INSTRUCTIONS FOR THE TASK: With the images removed, return every line below exactly as it reads.

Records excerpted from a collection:
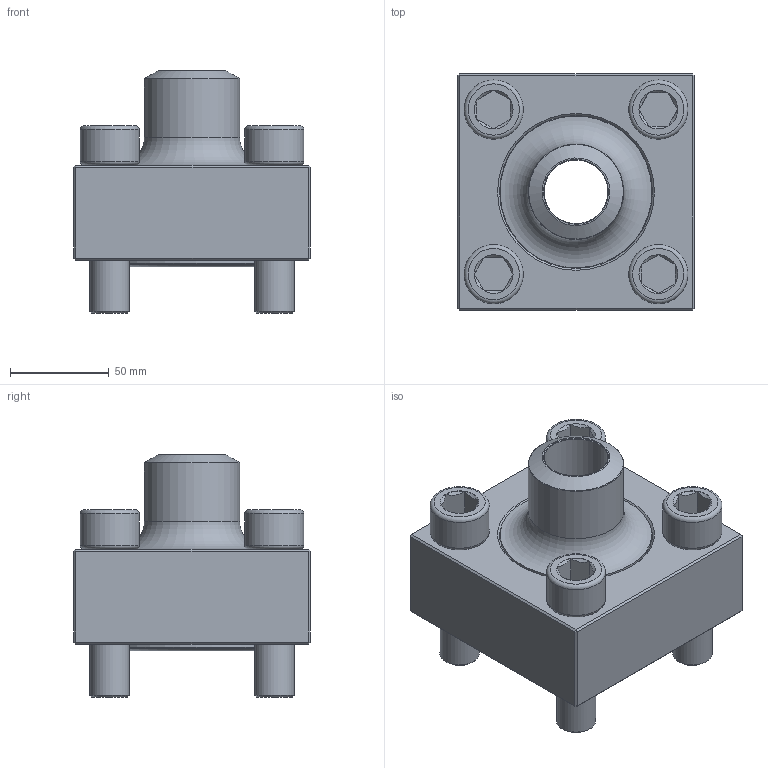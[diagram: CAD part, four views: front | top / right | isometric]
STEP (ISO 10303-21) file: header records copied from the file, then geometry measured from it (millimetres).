
FILE_DESCRIPTION(/* description */ (''),/* implementation_level */ '2;1');
FILE_NAME(/* name */ 'FA050-409.stp',/* time_stamp */ '2023-05-03T09:41:00+02:00',/* author */ (''),/* organization */ (''),/* preprocessor_version */ 'ST-DEVELOPER v16',/* originating_system */ 'SIEMENS PLM Software NX 10.0',/* authorisation */ '');
FILE_SCHEMA (('AUTOMOTIVE_DESIGN { 1 0 10303 214 3 1 1 1 }'));
Length unit declared in the file: millimetre
Products named in the file (5): X-O; X-FA; X-Schraube; X-FKV; FA
Assembly tree (7 placements, depth 2):
  FA
    X-FKV
    X-Schraube  x4
    X-FA
    X-O
Bounding box: 120 x 120 x 123 mm (x, y, z)
Volume: 731653.6 mm3; surface area: 145198 mm2
Topology: 7 solids, 7 shells, 155 faces, 293 edges, 162 vertices
Faces by surface type: plane 72, cone 45, cylinder 25, torus 13
Full cylindrical faces by diameter (mm): 19.63 x4, 20 x4, 21 x4, 30 x4, 32.3 x1, 48.3 x1, 51 x1, 61.5 x1, 73.226 x1, 77 x1, 77.5 x1, 92 x1, 93 x1
Entity records: 2125 total; most frequent: DIRECTION 372, CARTESIAN_POINT 342, ORIENTED_EDGE 250, AXIS2_PLACEMENT_3D 156, EDGE_LOOP 146, EDGE_CURVE 125, FACE_BOUND 109, VERTEX_POINT 90

PROBLEM SOLUTION:
[diagram: CAD part, four views: front | top / right | isometric]
STEP (ISO 10303-21) file: header records copied from the file, then geometry measured from it (millimetres).
FILE_DESCRIPTION(/* description */ (''),/* implementation_level */ '2;1');
FILE_NAME(/* name */ 'FA050-409.stp',/* time_stamp */ '2023-05-03T09:41:00+02:00',/* author */ (''),/* organization */ (''),/* preprocessor_version */ 'ST-DEVELOPER v16',/* originating_system */ 'SIEMENS PLM Software NX 10.0',/* authorisation */ '');
FILE_SCHEMA (('AUTOMOTIVE_DESIGN { 1 0 10303 214 3 1 1 1 }'));
Length unit declared in the file: millimetre
Products named in the file (5): X-O; X-FA; X-Schraube; X-FKV; FA
Assembly tree (7 placements, depth 2):
  FA
    X-FKV
    X-Schraube  x4
    X-FA
    X-O
Bounding box: 120 x 120 x 123 mm (x, y, z)
Volume: 731653.6 mm3; surface area: 145198 mm2
Topology: 7 solids, 7 shells, 155 faces, 293 edges, 162 vertices
Faces by surface type: plane 72, cone 45, cylinder 25, torus 13
Full cylindrical faces by diameter (mm): 19.63 x4, 20 x4, 21 x4, 30 x4, 32.3 x1, 48.3 x1, 51 x1, 61.5 x1, 73.226 x1, 77 x1, 77.5 x1, 92 x1, 93 x1
Entity records: 2125 total; most frequent: DIRECTION 372, CARTESIAN_POINT 342, ORIENTED_EDGE 250, AXIS2_PLACEMENT_3D 156, EDGE_LOOP 146, EDGE_CURVE 125, FACE_BOUND 109, VERTEX_POINT 90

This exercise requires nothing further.